El Tannhäuser de José Cura también consigue sobreponerse al compromiso por primera vez, según comenta el tenor, de cantar Wagner, “no en alemán, que es una lengua especial, aunque el francés también, claro”. Su personaje contiene matices y vocal y teatralmente sale airoso. “Son tres horas y media de un proyecto no solo artístico sino también gimnástico. Enorme, un verdadero desafío”. La dicción de los cantantes cuya lengua materna no es el francés, es, como siempre, mejorable, pero esto es así y hay que ser realista: la perfección se da poco en estos casos y hasta es aburrida.

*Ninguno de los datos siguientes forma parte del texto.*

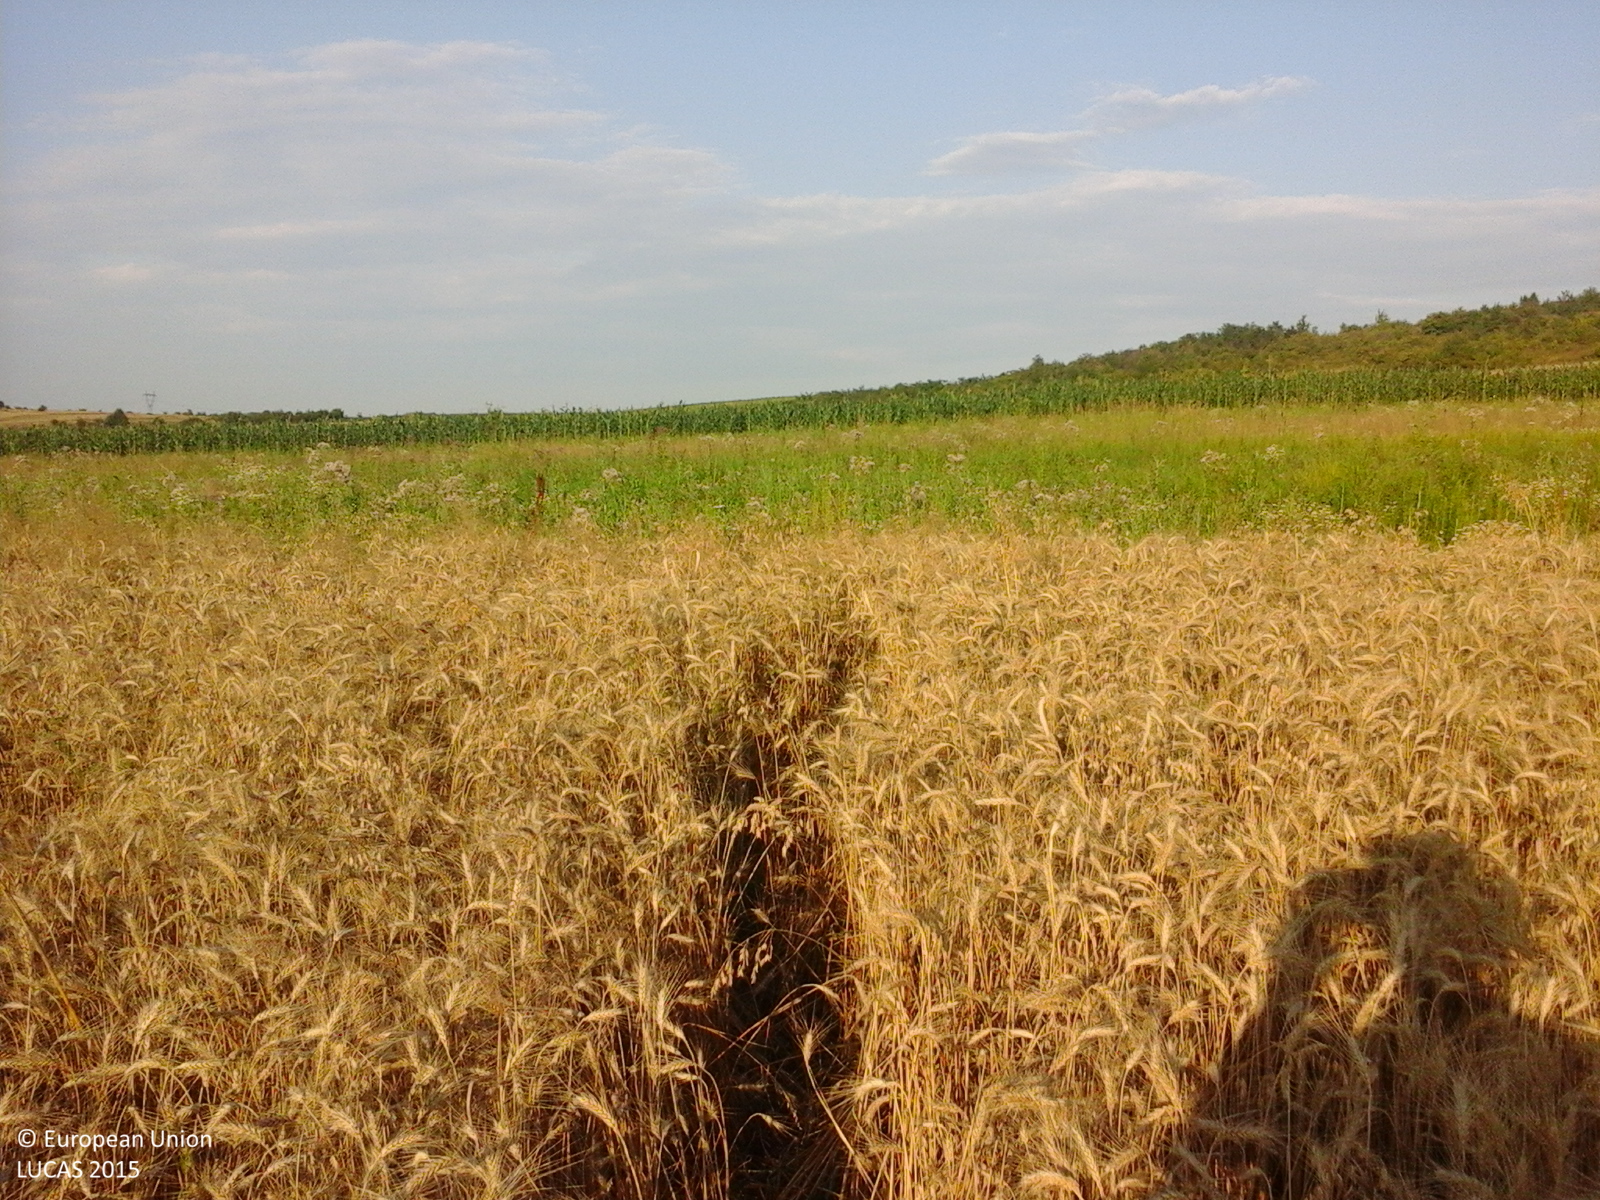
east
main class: Cropland
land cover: Common wheat
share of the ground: > 75 %
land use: Agriculture (excluding fallow land and kitchen gardens)
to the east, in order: Common wheat; Spontaneously vegetated surfaces; Maize; Oats; Maize; Other leguminous and mixtures for fodder; Common wheat; Maize; Grassland with sparse tree/shrub cover; Oats; Spontaneously vegetated surfaces
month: July
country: RO
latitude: 44.5467
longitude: 24.4063

La Elisabeth de Annemarie Kremer es femenina, convincente, con una voz bella, desenvuelta en escena, unos escenarios y un vestuario sugerentes y creativos donde el color complementa la luminosidad y la pureza a la que aspiran los protagonistas de la obra.

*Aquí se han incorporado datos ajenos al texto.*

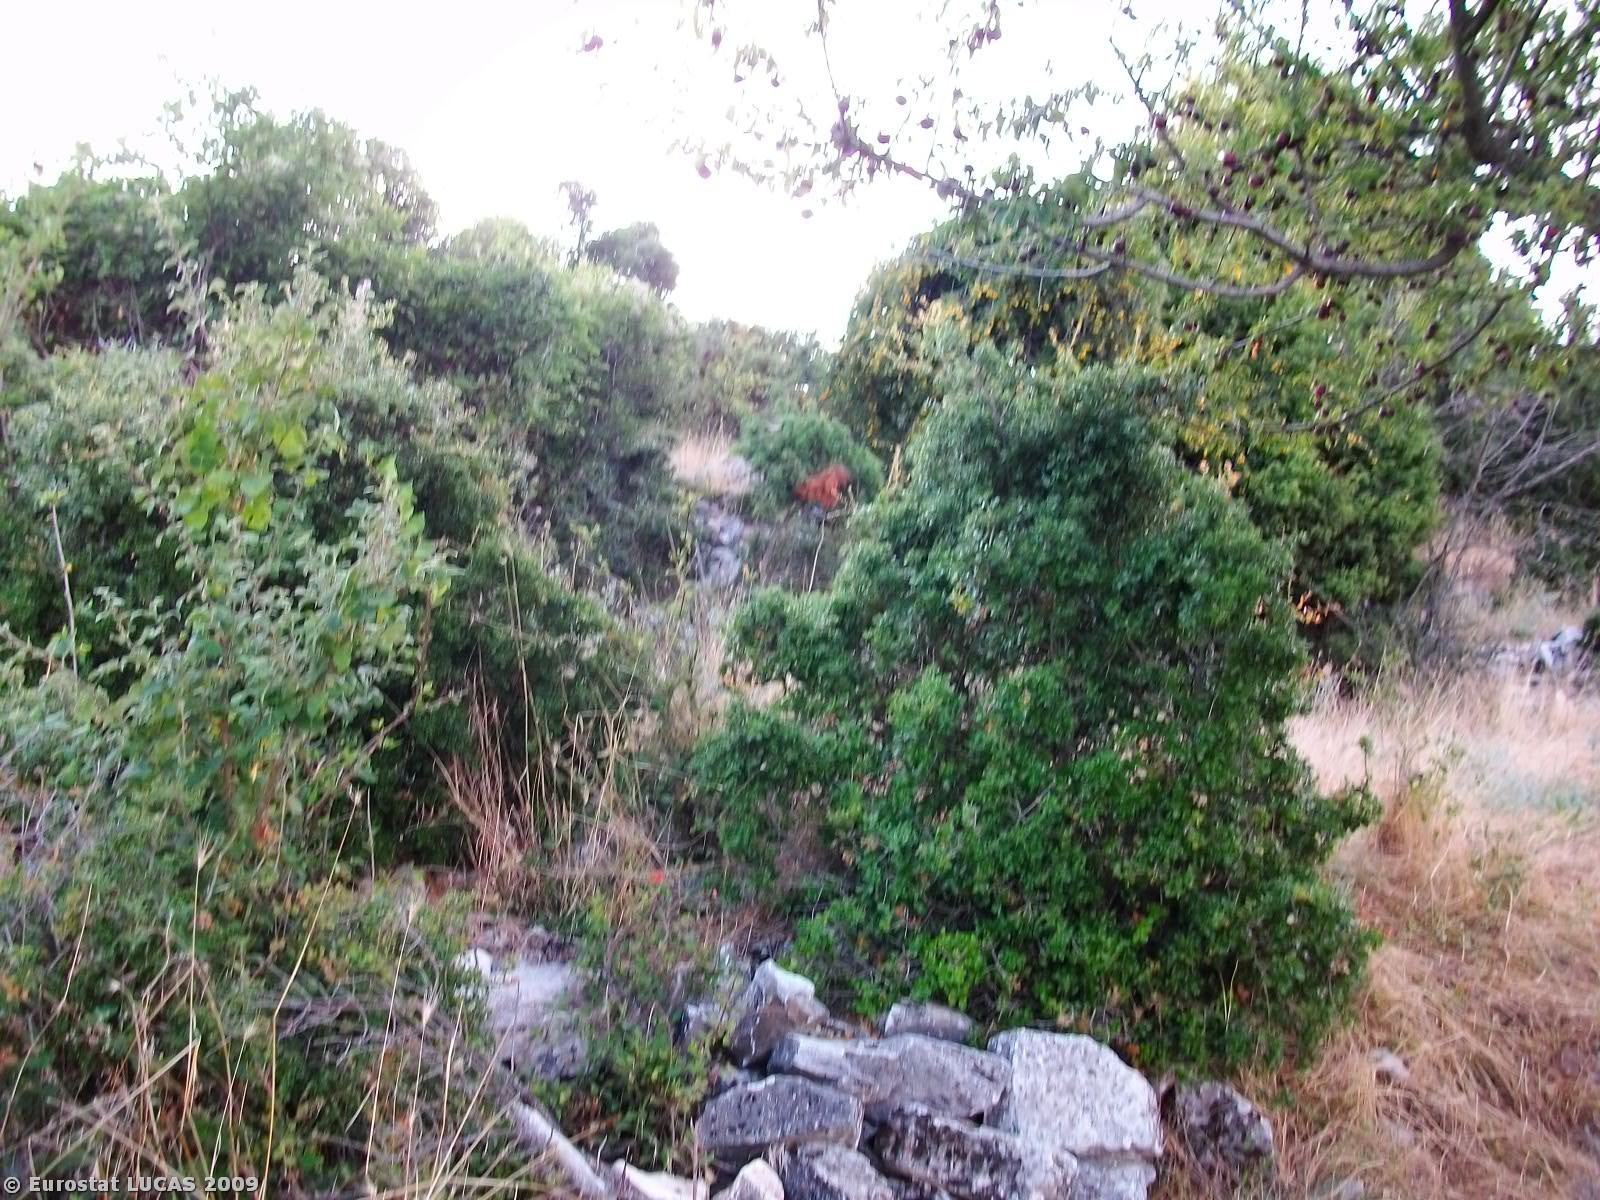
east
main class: Shrubland
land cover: Shrubland with sparse tree cover
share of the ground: 50 - 75 %
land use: Unused
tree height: < 5 m
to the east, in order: Shrubland with sparse tree cover; Grassland with sparse tree/shrub cover; Abandoned hedges; Grassland without tree/shrub cover; Grassland with sparse tree/shrub cover; Shrubland with sparse tree cover
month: July
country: GR
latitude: 41.0244
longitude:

Aude Extrémo podría mejorar su prestación y ponerle más ahínco, trabajar más su rol, para aumentar la química que debería establecer con Tanhäuser, no demasiado fulgurante en su propuesta.



Están acertados y potentes Jean –François Lapointe, William Joyner, Roger Joakim, Gilles Van der Linden y Chul Jun Kim en los papeles de Wolfram, Walther, Biterolf y Reinmar respectivamente. Son profesionales solventes y con experiencia. Hay un buen acoplamiento siempre con la orquesta, el coro y el resto de cantantes. Bien también Anaïs Constant y los cuatro pajes.
El programa de mano está bien pensado y confeccionado, en francés, inglés e italiano y recoge información sobre el Tannhäuser y Wagner, a cargo de Claire Delamarche, las versiones de esta ópera, detalles sobre Franz Liszt  y el torneo de canto del acto II, una cronología de la vida del compositor, una discografía selectiva del músico alemán y las trayectorias de los artistas que participan en esta versión.

Perfecta y grata la atención a esta cronista, por parte del Departamento de Prensa y Comunicación de la Ópera de Montecarlo, que dirige Madame Karine Manglou y asiste Camille d´Antonio .

Rossini escribió: “Wagner tiene momentos maravillosos y terribles cuartos de hora”. No fue el caso en la velada en la Ópera de Montecarlo. En cambio, sí, un homenaje.